Monday 31 May 2010

Alza remi! Just got back from Venice, having seen (amongst other things) the 36th paddle boat marathon - the Vogalonga - being contested.http://www.vogalonga.com/eng/index_ing.aspThough contested is hardly the right word for something more like a regatta open to all comers, in which a motley crew of golden oldies, responding to the cry of "alza remi" lifted their oars and came perilously near to capsizing the boat. For a moment there I fancied entering next year's event - in an aluminium Canadian canoe - but on learning that the course is some 30 km long, up to Burano and back to St Mark's square via Murano and the Cannaregio canal, thought better of it. In the teeth of the strong wind that sometimes blows in the lagoon, this could be a pretty challenging undertaking.

Better stick to the ancient monuments, maybe. Who could fail to be bowled over by the Scuola Grande di San Rocco, the incredibly lavish interior of which Tintoretto spent 23 years of his life in decorating - virtually unaided, it would appear. When Ruskin - no mean painter himself - saw what Tintoretto had done he remarked "As for painting, I think I didn't know what it was until today."

Interesting to note that Ruskin admired Venice, partly, because it had traditionally shown resistance to the authority of Rome. And also because, like England, its prosperity had been based on maritime power. He sounds a cautionary note, though. In The Stones of Venice he warns that England "may be led through prouder eminence to less pitied destruction." The prospects of proud eminence have diminished somewhat since Ruskin's time, though those for less pitied destruction can't altogether be ruled out.

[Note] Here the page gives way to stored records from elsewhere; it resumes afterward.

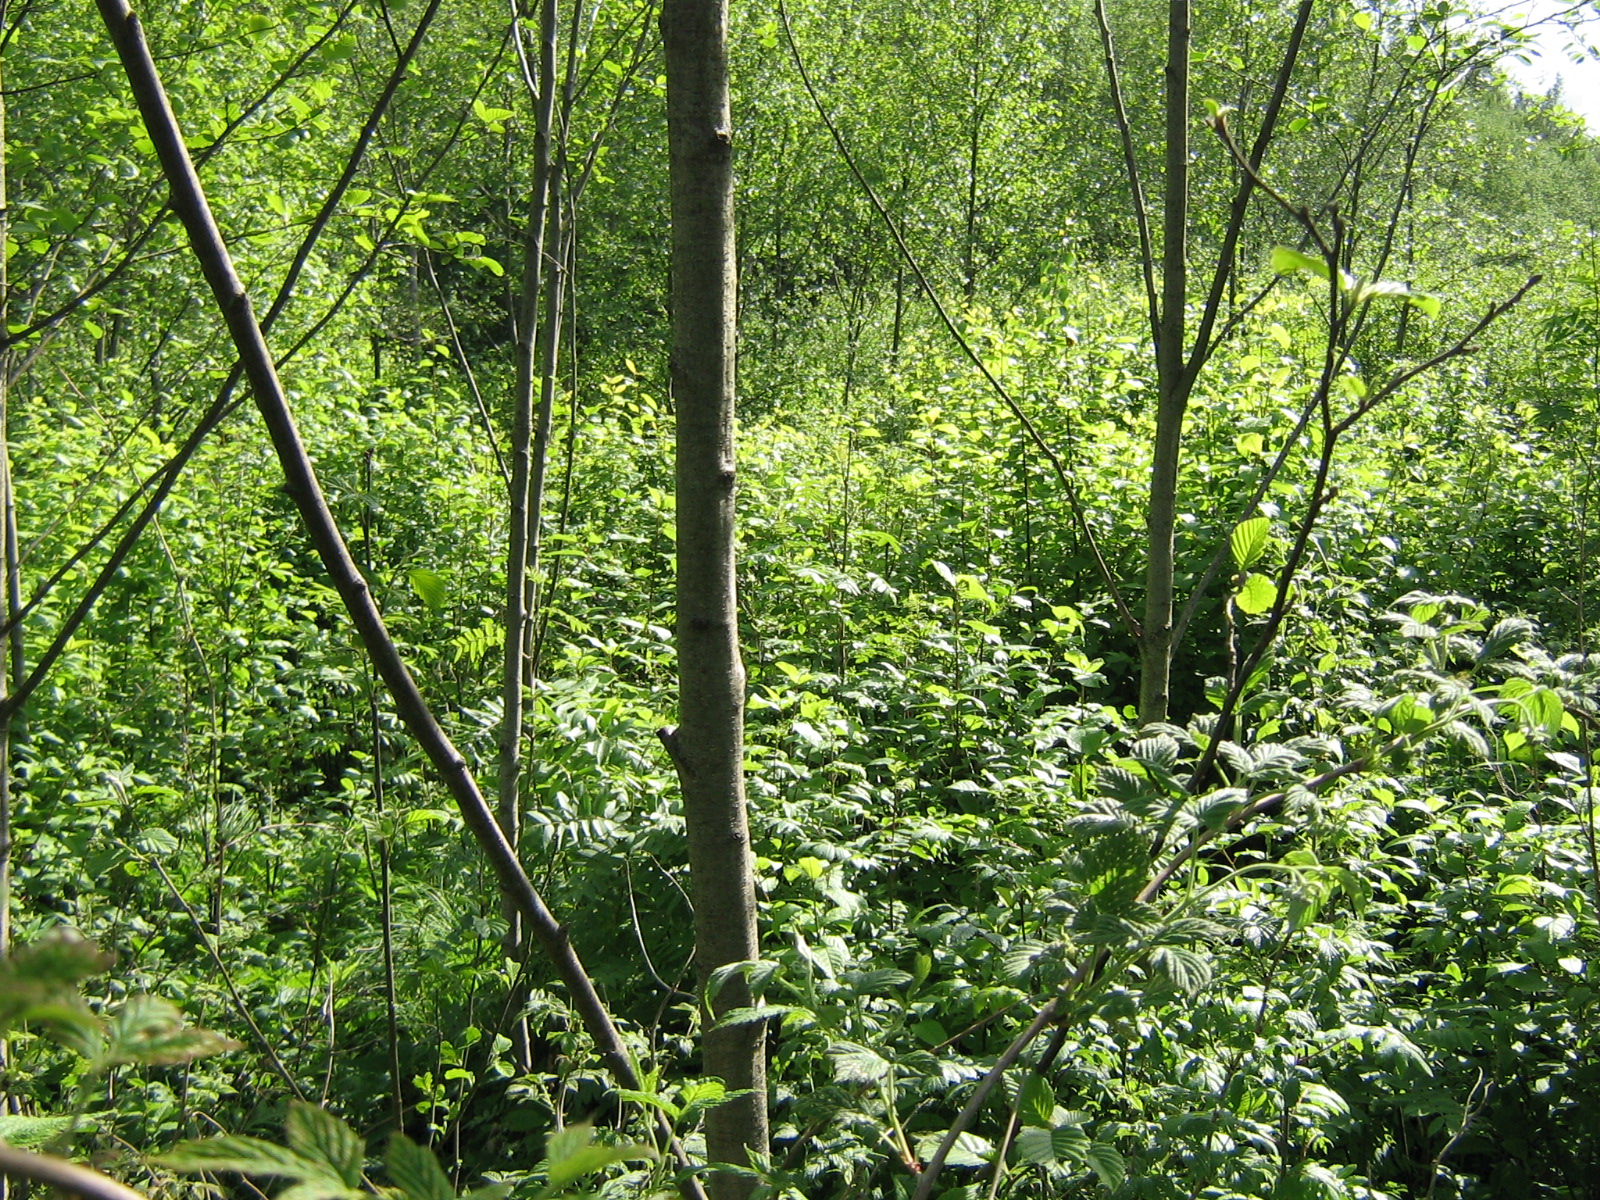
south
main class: Woodland
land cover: Broadleaved woodland
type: non-riverine alder, birch or aspen forest
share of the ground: > 75 %
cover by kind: broadleaved forest trees 100 %
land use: Forestry
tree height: < 5 m
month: June
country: LV
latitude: 57.0177
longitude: 25.3490
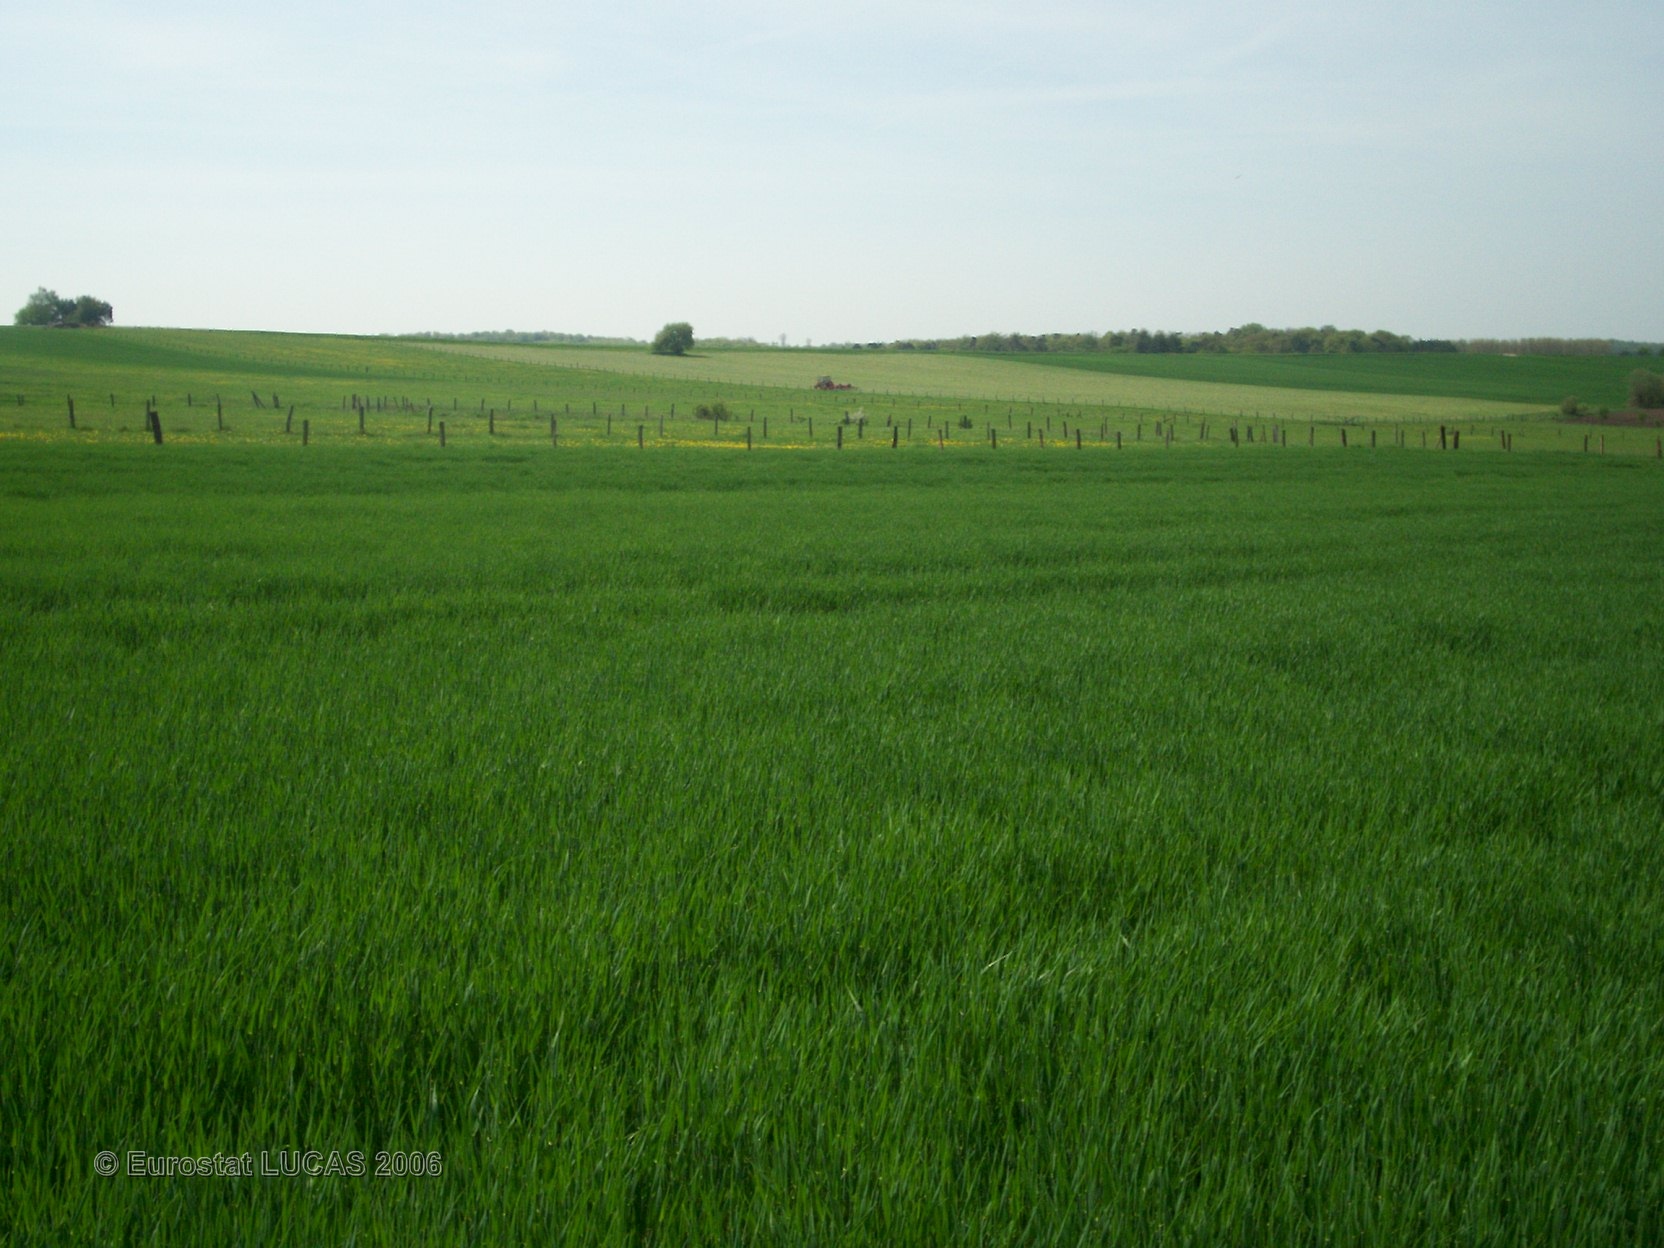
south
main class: Cropland
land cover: Barley
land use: Agriculture (excluding fallow land and kitchen gardens)
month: May
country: FR
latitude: 48.9392
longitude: 7.0106

That said, we hope to make it through to next week end.

Tuesday 18 May 2010

Cosas de Espana. There's a tilde on my keyboard but I can't get it to sit on top of the letter n. Muy aburrido. Just got back from 3 weeks driving to and from Andalucia (can't do the accent over the i either). Spain, as ever, full of remarkable contrasts - on the one hand the international beach scene at Tarifa, with kitesurfers from Australia, Canada and all the European nations (including Russia and Lithuania) chattering away in a variety of tongues, but with English as the lingua franca - and on the other the wonderful silence of the countryside of the Cantabrian cordillera, between Burgos and Aguilar de Campoo, on either side of the N627. Just the wind in the trees, the sound of running water, and the occasional intervention of birdsong and the cuckoo's call. And an amazing little roadside church at Quintana del Pino, with a couple of extraordinary medieval reliefs on the walls - see the photographs on Antonio Calderon's fascinating site http://romanicoburgales.blogspot.com/

Even more unexpected than coming across the English language in such a remote and unspoiled location is the discovery that Eng. Lit. has left its mark here - for in the tiny graveyard there is a stone bearing the following inscription: La naturaleza nunca traiciono al corazon que la amo. Which is surely nothing other than a direct translation into Spanish of Wordsworth's lines on Tintern Abbey, to the effect that nature never betrayed the heart that loved her.

Those of a doubting disposition will probably argue that this is a sentiment no more verifiable in Spanish than it is in English, advancing as it does the dubious proposition that because we are keen on Nature, then Nature will generously reciprocate by being keen on us - and keen on us individually, moreover. In short, Wordsworthian pantheism is nothing more than a comfort blanket. Well, maybe. But the older you get, the less cynical you get about such bits of kit. They are not to be sneezed at - be they in the shape of Wordsworthian pantheism, simple faith, or that old, star-eaten blanket of the sky that a later poet wished to wrap around himself - so that he could lie in comfort.